I'm sure nearly everyone on this site could focus correctly these primates with a manual lens.
And anyone who shoots young active children poses a much greater challenge to the systems focusing capabilities.


----------



## clicstudio (Jun 5, 2016)

*Re: CR in Rwanda With The EOS-1D X Mark II*



rcarca said:


> clicstudio said:
> 
> 
> > mistercactus said:
> ...


First of all it's not a cynical comment. This post is about Craig sharing his images taken with a newly released camera and showing what it can do. The only demotivational comment is in fact Mr Cactus', claiming his images are comparable. This is not a contest or show off post. Also comparing a consumer camera like the 7D to a 1Dx is a joke.
Also, since I am not a wild life photographer I am entitled to my opinion as a viewer. I don't have to know details about which camera was used to see how bland those images look. If Mr Cactus wanted to show his images he should have started his own thread asking others for gorilla photos instead of dismissing Craig's. Regardless of which camera was used, the skill of the photographer is the most important part of an image. Composition, the right exposure and the capture of the soul of the image is far more important than megapixels or noise.


----------



## clicstudio (Jun 5, 2016)

gregory4000 said:


> Seriously!!!
> How difficult is it to focus on a subject sitting or laying down.

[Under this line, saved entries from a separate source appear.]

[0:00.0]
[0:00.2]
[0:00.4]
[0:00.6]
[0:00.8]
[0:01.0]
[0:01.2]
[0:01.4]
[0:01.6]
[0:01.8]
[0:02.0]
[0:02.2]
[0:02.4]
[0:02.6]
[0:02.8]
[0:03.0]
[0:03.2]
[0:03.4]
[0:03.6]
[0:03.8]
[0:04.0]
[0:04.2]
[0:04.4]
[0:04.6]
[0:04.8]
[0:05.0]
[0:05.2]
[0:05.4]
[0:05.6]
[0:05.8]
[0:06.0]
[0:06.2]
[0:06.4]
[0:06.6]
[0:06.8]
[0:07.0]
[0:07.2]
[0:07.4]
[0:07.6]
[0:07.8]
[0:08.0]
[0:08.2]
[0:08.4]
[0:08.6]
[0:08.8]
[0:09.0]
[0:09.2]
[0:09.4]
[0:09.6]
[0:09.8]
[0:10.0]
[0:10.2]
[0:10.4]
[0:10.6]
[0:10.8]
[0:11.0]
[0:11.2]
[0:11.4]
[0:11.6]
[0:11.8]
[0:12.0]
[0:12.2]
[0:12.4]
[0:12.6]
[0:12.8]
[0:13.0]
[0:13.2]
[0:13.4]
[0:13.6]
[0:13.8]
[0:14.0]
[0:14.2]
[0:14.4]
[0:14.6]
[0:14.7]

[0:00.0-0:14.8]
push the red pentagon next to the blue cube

 Asking a question like that makes me think you've never taken a photo in your life. Seriously!!!


----------



## sanj (Jun 5, 2016)

gregory4000 said:


> Seriously!!!
> How difficult is it to focus on a subject sitting or laying down.

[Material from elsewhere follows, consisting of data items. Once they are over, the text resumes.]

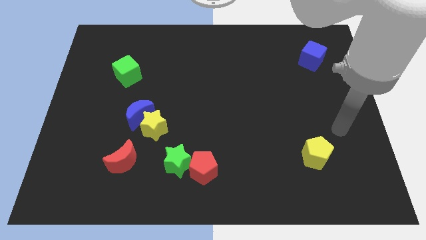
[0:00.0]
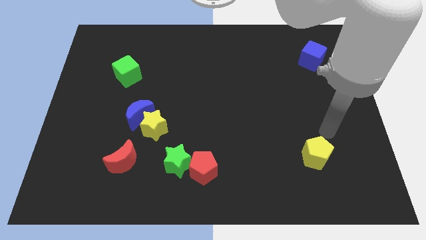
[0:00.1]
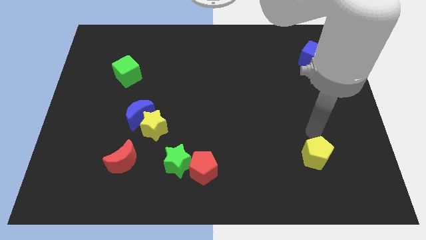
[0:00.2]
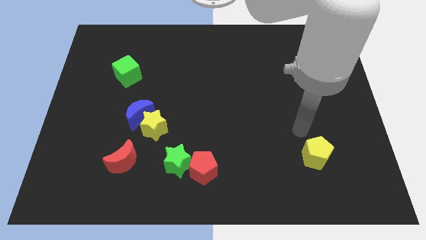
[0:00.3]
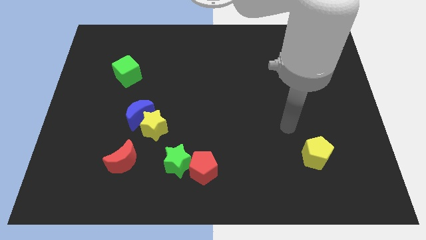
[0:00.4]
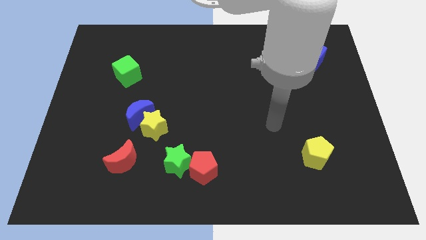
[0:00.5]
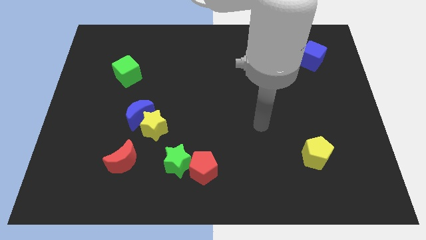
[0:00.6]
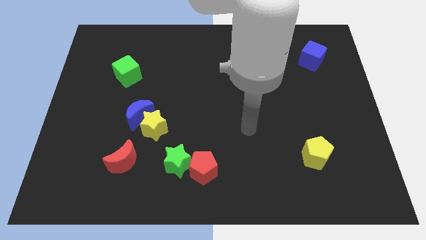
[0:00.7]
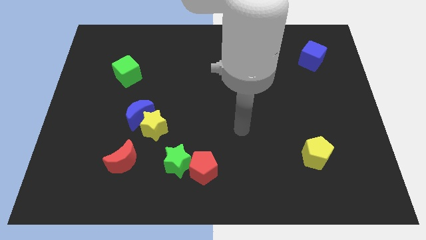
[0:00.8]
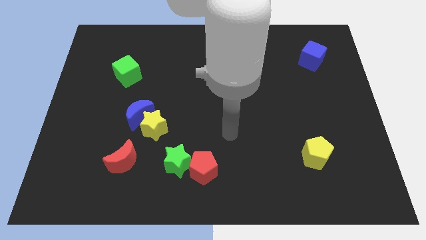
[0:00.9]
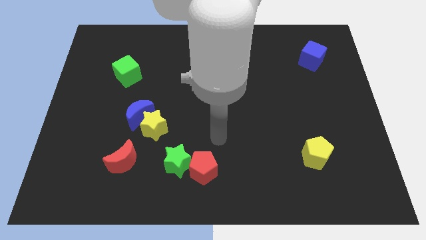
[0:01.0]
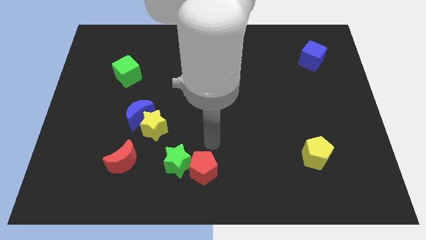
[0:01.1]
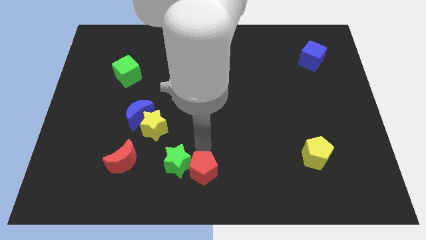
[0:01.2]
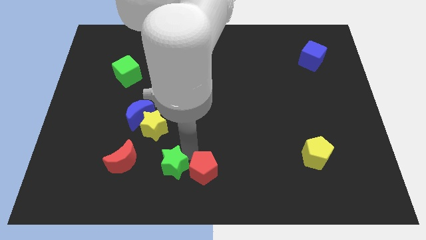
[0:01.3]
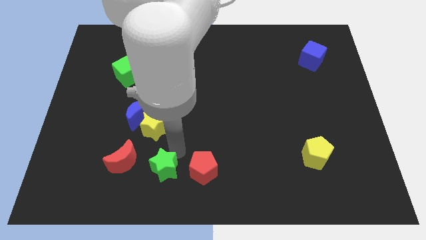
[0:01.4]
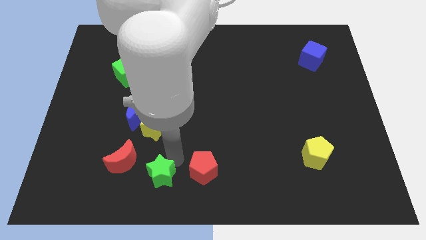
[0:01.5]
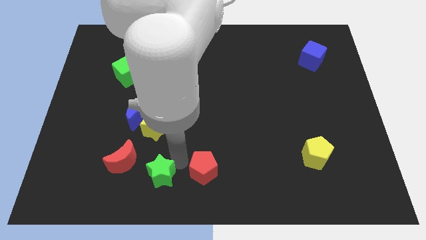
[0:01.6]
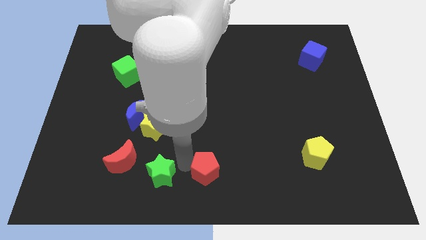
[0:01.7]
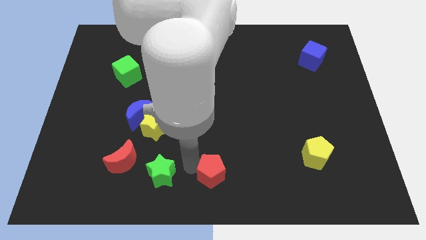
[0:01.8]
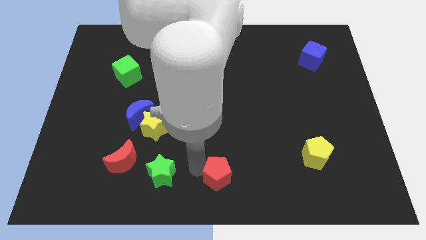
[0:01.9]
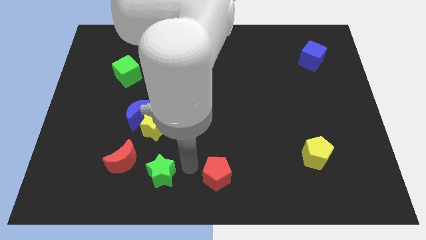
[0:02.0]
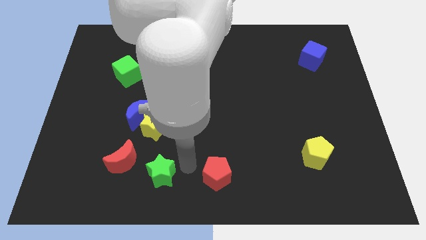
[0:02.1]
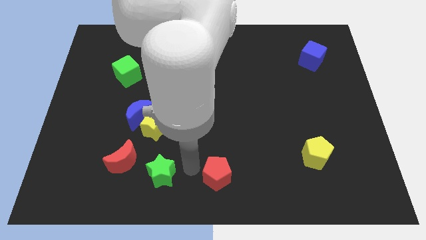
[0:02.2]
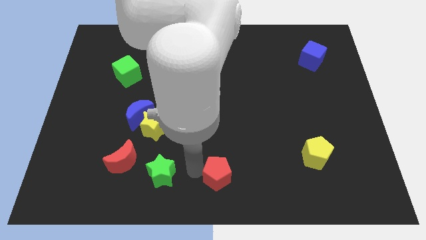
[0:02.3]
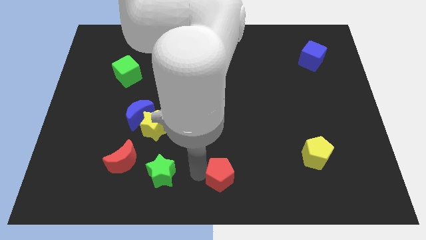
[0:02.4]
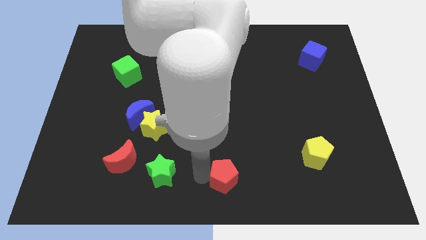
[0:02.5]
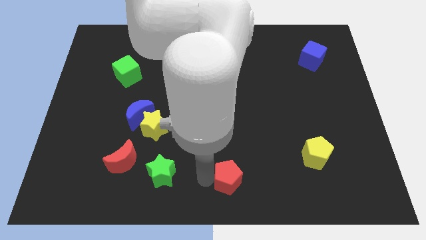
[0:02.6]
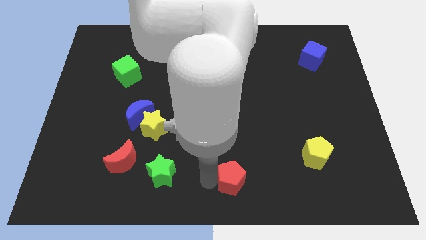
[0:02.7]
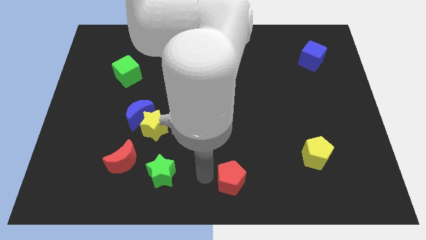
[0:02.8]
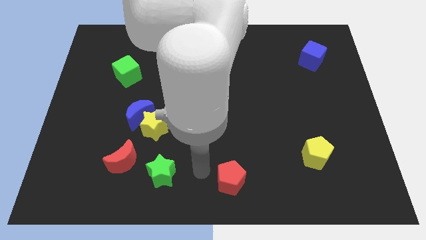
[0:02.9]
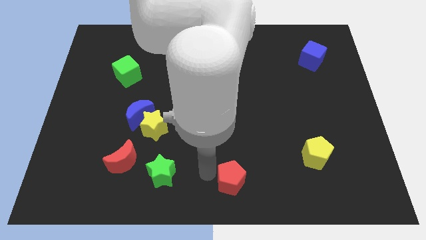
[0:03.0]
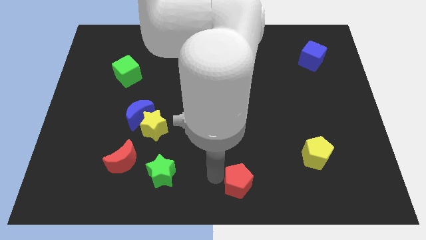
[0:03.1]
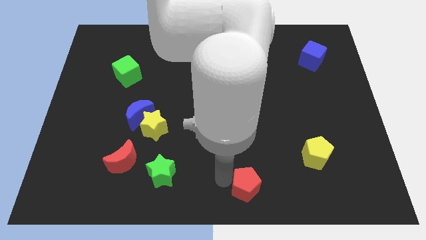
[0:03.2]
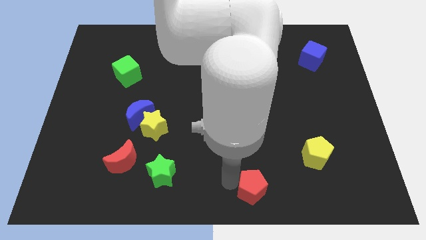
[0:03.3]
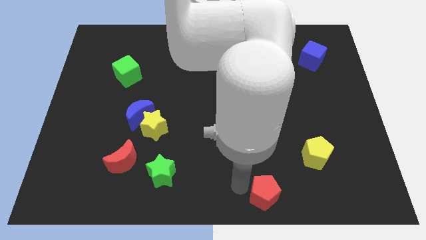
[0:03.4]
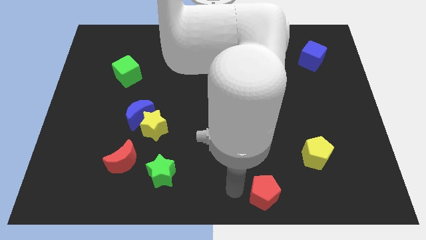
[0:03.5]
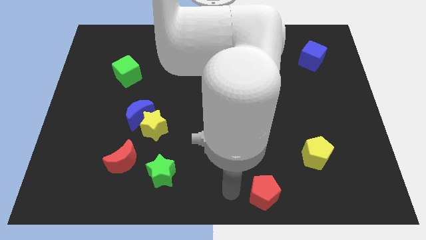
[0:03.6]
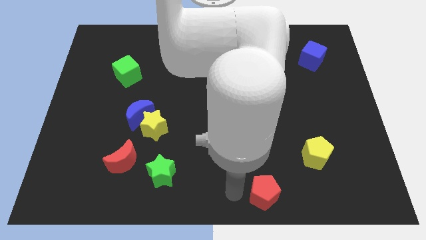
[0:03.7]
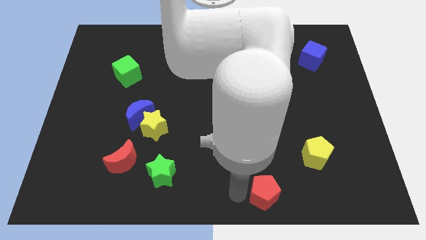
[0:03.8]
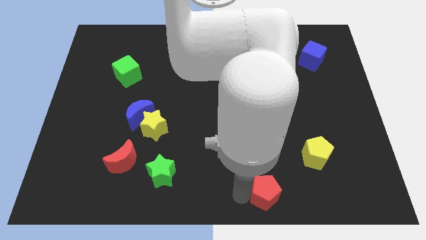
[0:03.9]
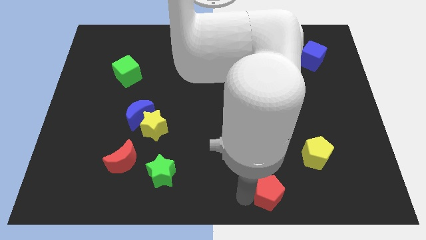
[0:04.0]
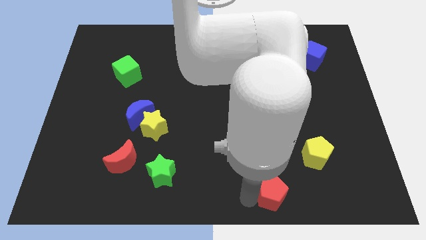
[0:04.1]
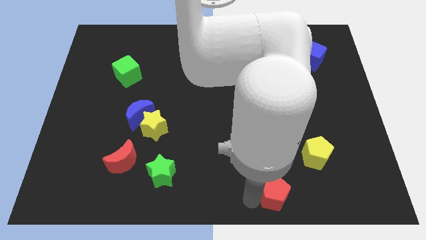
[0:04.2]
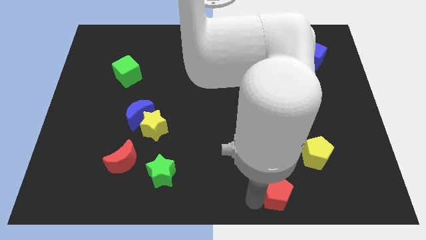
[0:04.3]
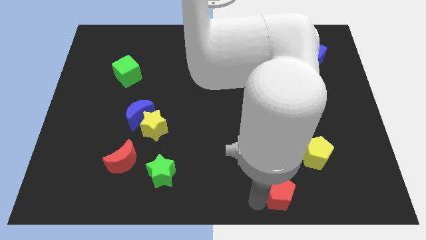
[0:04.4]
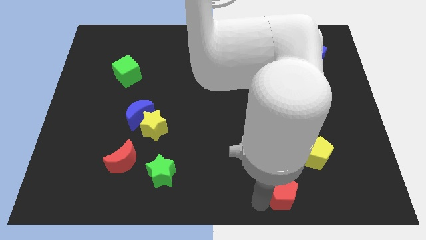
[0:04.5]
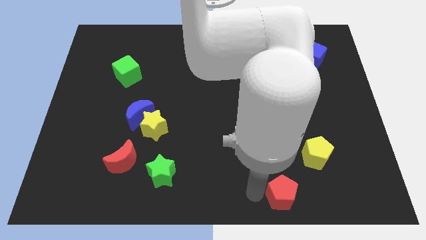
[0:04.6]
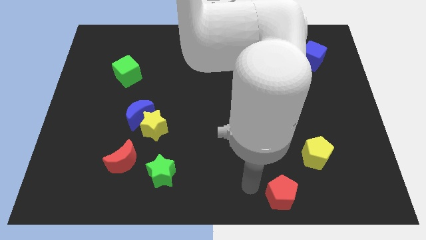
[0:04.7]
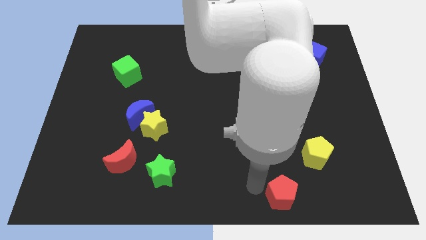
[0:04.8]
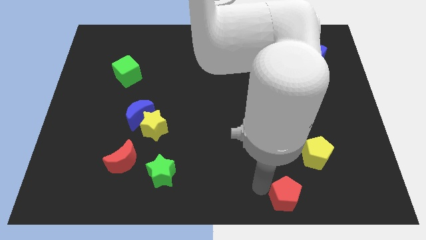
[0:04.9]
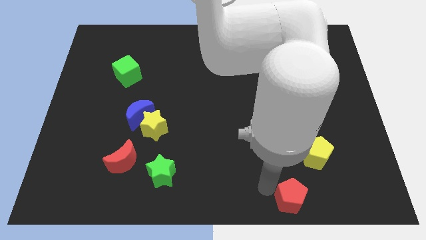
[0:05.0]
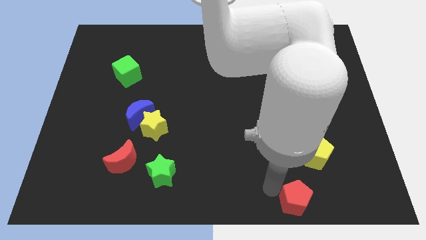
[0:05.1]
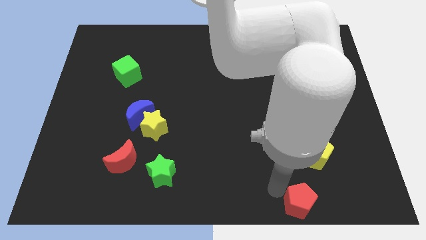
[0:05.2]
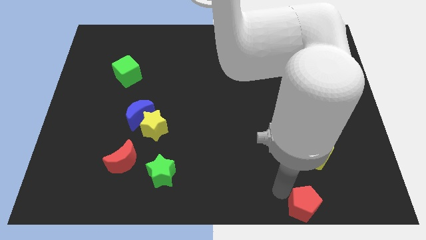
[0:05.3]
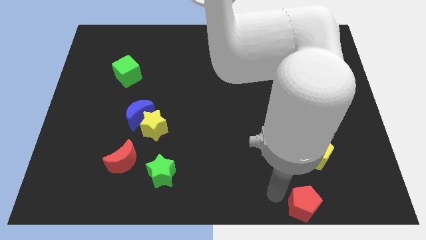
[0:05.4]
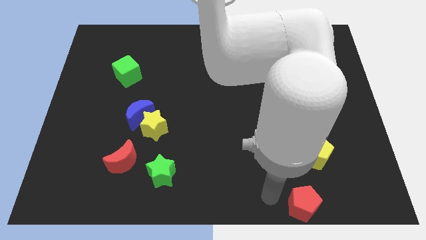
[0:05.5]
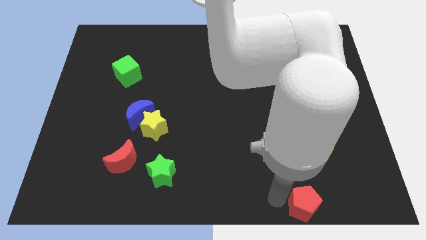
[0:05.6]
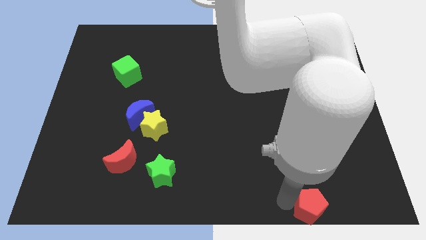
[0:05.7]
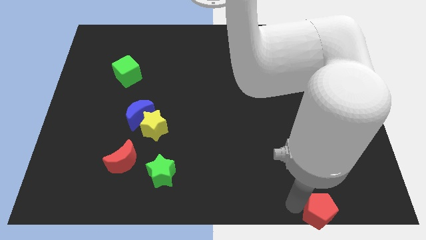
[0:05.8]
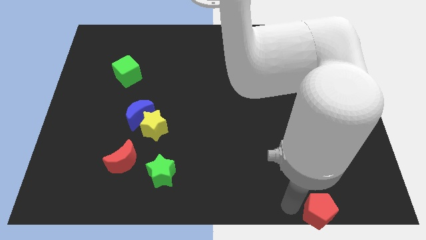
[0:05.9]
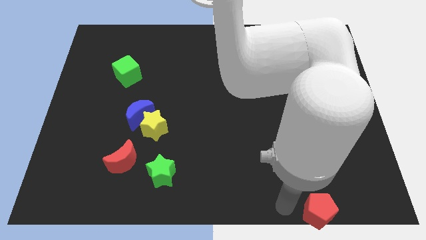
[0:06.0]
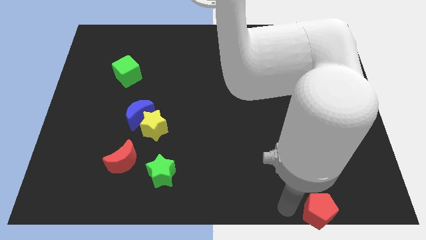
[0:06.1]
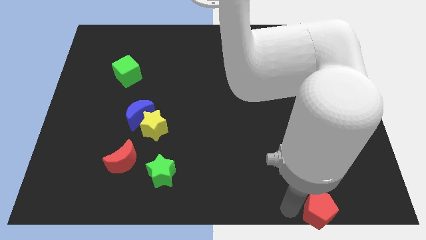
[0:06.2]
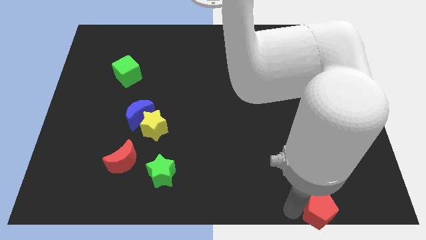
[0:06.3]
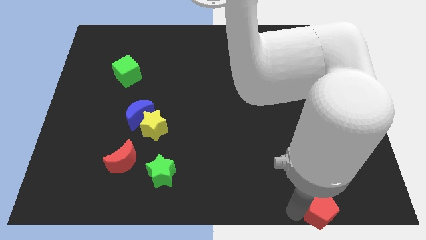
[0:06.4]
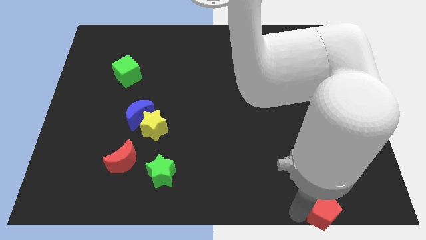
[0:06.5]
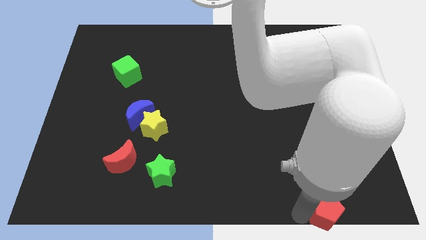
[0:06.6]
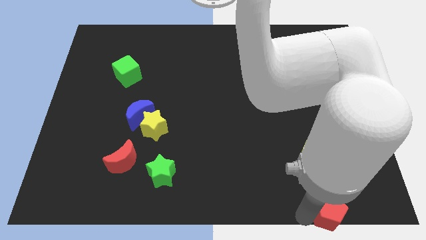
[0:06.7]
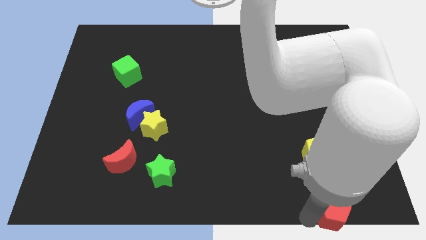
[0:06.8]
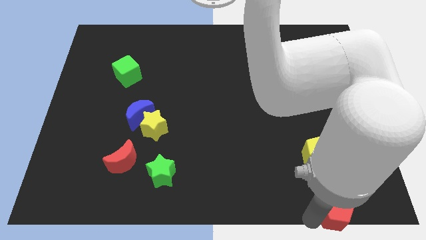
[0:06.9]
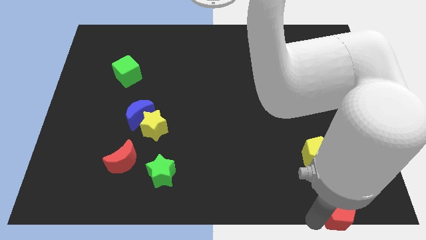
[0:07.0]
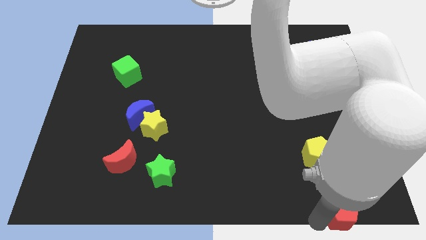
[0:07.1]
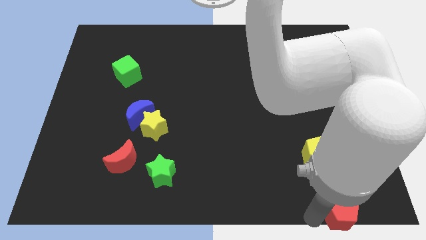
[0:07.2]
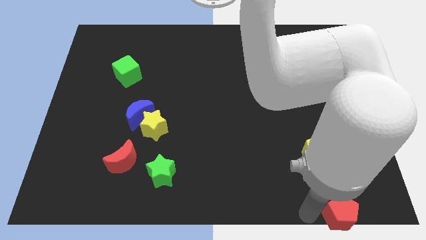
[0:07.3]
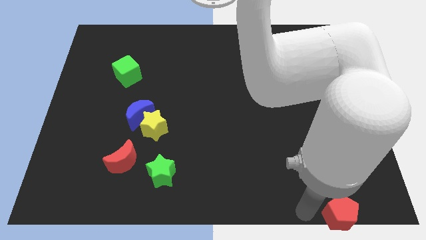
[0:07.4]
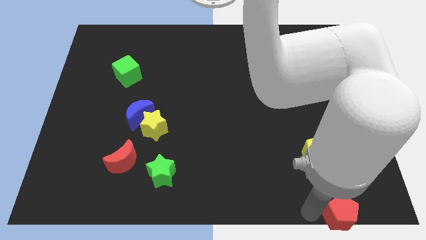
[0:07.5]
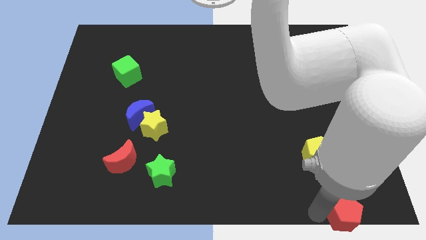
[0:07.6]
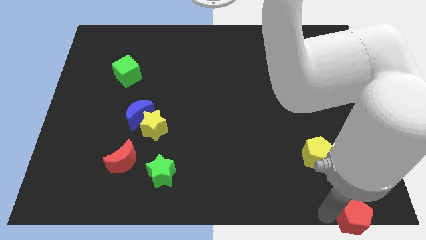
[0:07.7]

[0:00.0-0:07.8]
push the red pentagon to the bottom right of the board

I agree! Not very. They are nice photos indeed but could have easily been taken by 5d2 which does not have the best focusing in the world. My opinion.


----------



## ykn123 (Jun 5, 2016)

*Re: CR in Rwanda With The EOS-1D X Mark II*

Hi Eldar,
I think you got me wrong. I normally dont post nasty or unfriendly comments and so did not this time. At least it was not meant like that. And i had a smiley at the end to make it look less unfriendly in case someone got it like you in that case.
Also i agree to some extend that a 1DX MI or a 5DM3 or any other fullframe camera together with a superb lens like those used in that case, could have produced images like'e Craigs, IF the camera had been set correctly (metering,aperture, exposure compensation,...) AND postproduction would have been done carefully. Those (Craigs) images might be not the best test images for a 1DX Mark II in terms of that they only can be produced by this camera, but Craigs's images are really impressive just because he did everything right AND used great gear for that. The thread had not been about : this is 1DX MII extreme testing and he posted some extremely nice images of that creatures, taken with the camera he currently uses. Then comments came in about how other cameras could have done this, and especially that the 5DSR could do this (i kind of agree) and some samples had been posted as a proof for this. Now in theses social media (fb and the like's) days, it's very common, that every single image that allows you to at least identify the subject, get's a lot of Wow's and Likes. But it is simply true, that the 5DSR images (not because of the camera) are not as good as Craigs posted images. Some of them are not sharp, they have too little dark tone values (most of them - either wrong settings or too much post production). Yes , they capture some very nice moments and creatures and they are very nice - but posted in this context (to show the 5DSR would be superior) - they just fail to proof that , if you compare to Craig's. My comment wasn't meant to hurt someone, but can't we tell the truth anymore about the images without being called rude or something ???



YuengLinger said:


> rcarca said:
> 
> 
> > clicstudio said:
> ...


----------



## Eldar (Jun 5, 2016)

*Re: CR in Rwanda With The EOS-1D X Mark II*



ykn123 said:


> My comment wasn't meant to hurt someone, but can't we tell the truth anymore about the images without being called rude or something ???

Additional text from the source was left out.